The auction was created by J. Walter Thompson London in collaboration with The Glasgow School of Art Development Trust. The new art works will be displayed at Christie’s in London King Street in a special exhibition March 3 – 7, 2017, then auctioned during the Post-War and Contemporary Art Day Sale on March 8. The proceeds will be donated to The Mackintosh Campus Appeal.
IAC Awards Finland 2020 Congress
The IAC General Assembly is a well-known and highly appreciated congress in the field of ceramics. Every two years the event brings together world-class artists and actors from the ceramic world to discuss about contemporary ceramic issues and to showcase their artwork.
Nearly 300 people from 50 different countries are estimated to attend the congress in Posio, Finnish Lapland – the first time in its history. The preliminary theme of the congress is ‘On the Edge.’
Arctic Ceramic Centre offers a great possibility for ceramic artists to focus on their work in a peaceful environment surrounded by the beautiful arctic nature. As the northernmost ceramic institution in the world ACC is unique destination.
The goal of IAC is to stimulate friendship and communication between professionals in the field of ceramics in all countries, according to its mission.
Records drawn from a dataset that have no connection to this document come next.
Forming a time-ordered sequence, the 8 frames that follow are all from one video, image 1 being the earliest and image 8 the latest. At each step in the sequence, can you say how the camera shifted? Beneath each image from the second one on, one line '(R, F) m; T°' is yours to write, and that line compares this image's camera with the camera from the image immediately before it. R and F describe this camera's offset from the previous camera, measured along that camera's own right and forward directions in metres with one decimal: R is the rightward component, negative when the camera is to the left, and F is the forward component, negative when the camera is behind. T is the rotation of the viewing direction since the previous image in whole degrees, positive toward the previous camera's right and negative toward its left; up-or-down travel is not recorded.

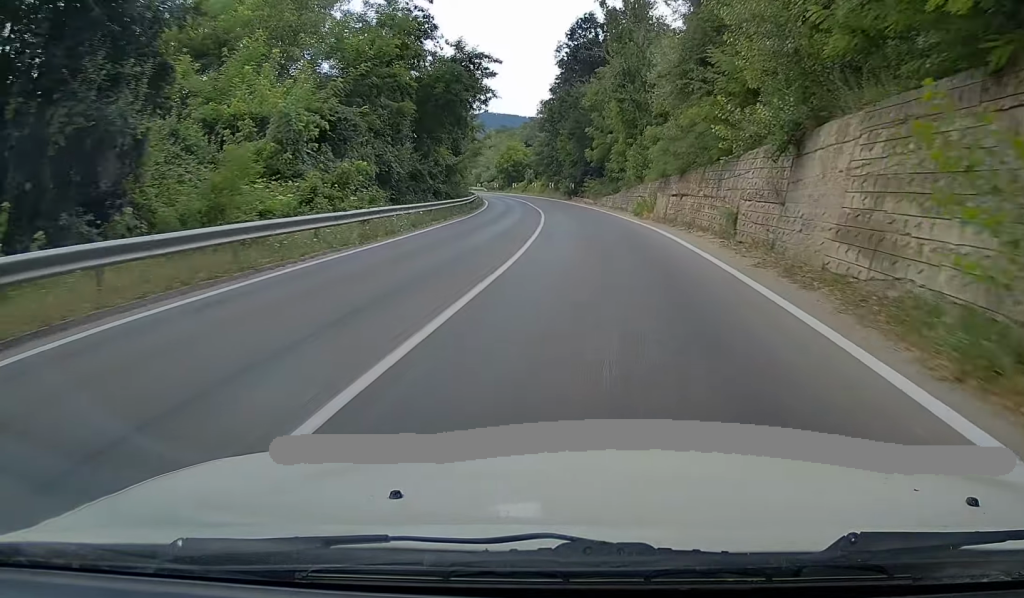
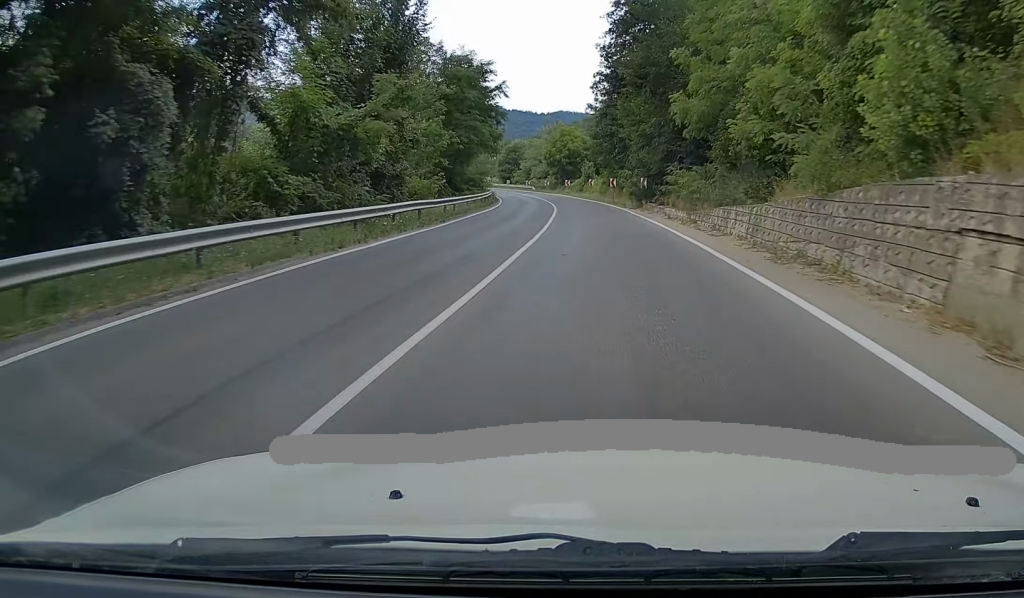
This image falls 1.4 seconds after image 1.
(-1.7, +32.4) m; -7°
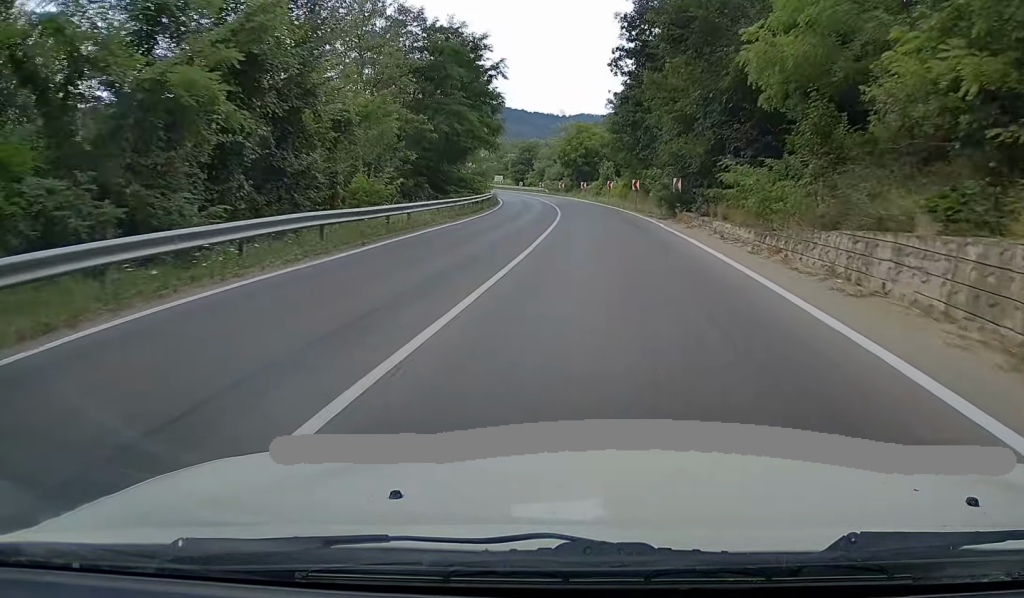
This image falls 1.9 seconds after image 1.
(-0.3, +10.6) m; -2°
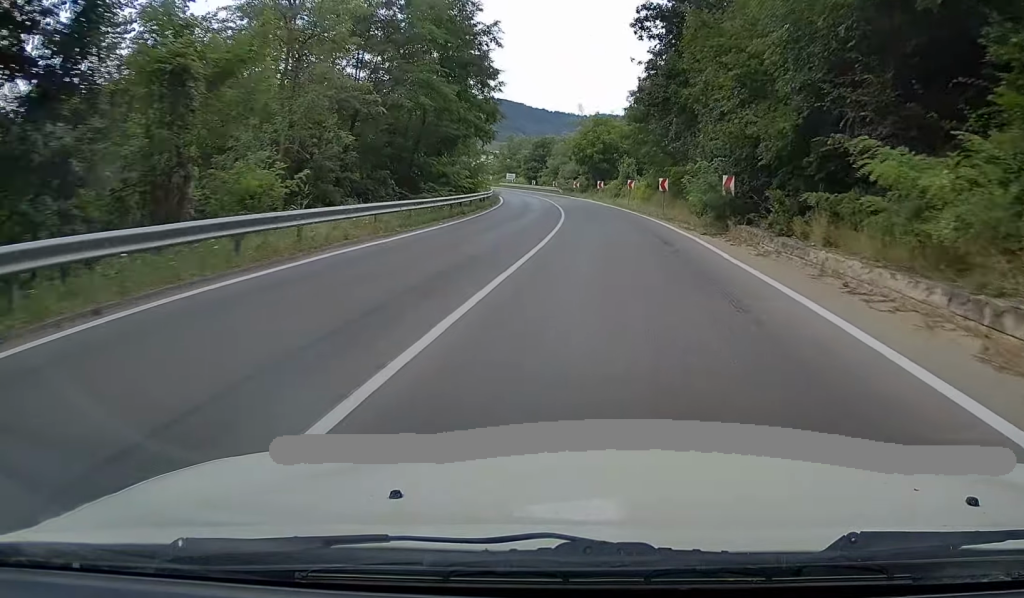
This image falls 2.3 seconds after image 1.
(-0.1, +9.8) m; -1°
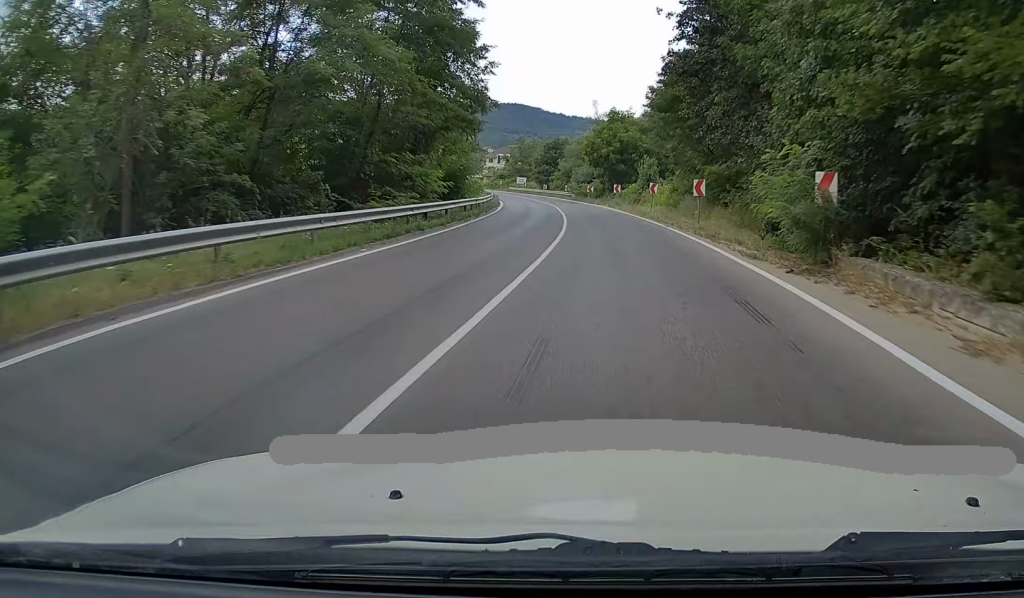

IAC develops and encourages all forms of international cooperation to promote ceramics and to encourage and maintain the highest level of quality production in all ceramic cultures.
Distinct Design Honors Delft Homes
Influenced by the the distinctive homes of Delft, Netherlands, House of Delft, designed by Van Dongen-Kuschuch Architects and Planners, is a mixed-use hub located beside the train station, a scheme designed to serve as a portal to both the historic city center and the renowned University of Technology.
ArchDaily writes the design honors the city’s artistic, scientific and innovative achievements.
“The complex is defined by three 20-meter-high houses at one side, and seven glass facades at the other. The facades draw inspiration from the dwellings of influential Delft residents throughout history, and tell a story of how they lived and worked. As a show of pride in Delft’s continued contribution to research and technology, the glass facades will come alive with the sights of people living, working and experimenting in studios.”
James Tower Website Launched
A new website has been launched to honor the work and life of British post-war ceramist James Tower (1919 -1988). London gallery Erskine, Hall & Coe, which has represented the Tower estate, working closely with the artist’s family, launched the new website earlier this month.
Erskine, Hall & Coe write they hope the website serves to shed light on and spread understanding of the range and quality Tower’s work.
“The new website provides a wealth of information about James Tower and our intention is for it to continue to grow over time. We hope it will deepen the public’s understanding of Tower’s work and help to introduce it to a new audience.”
Erskine, Hall & Coe writes the gallery will continue to display Tower’s work which undertakes organic form and shape.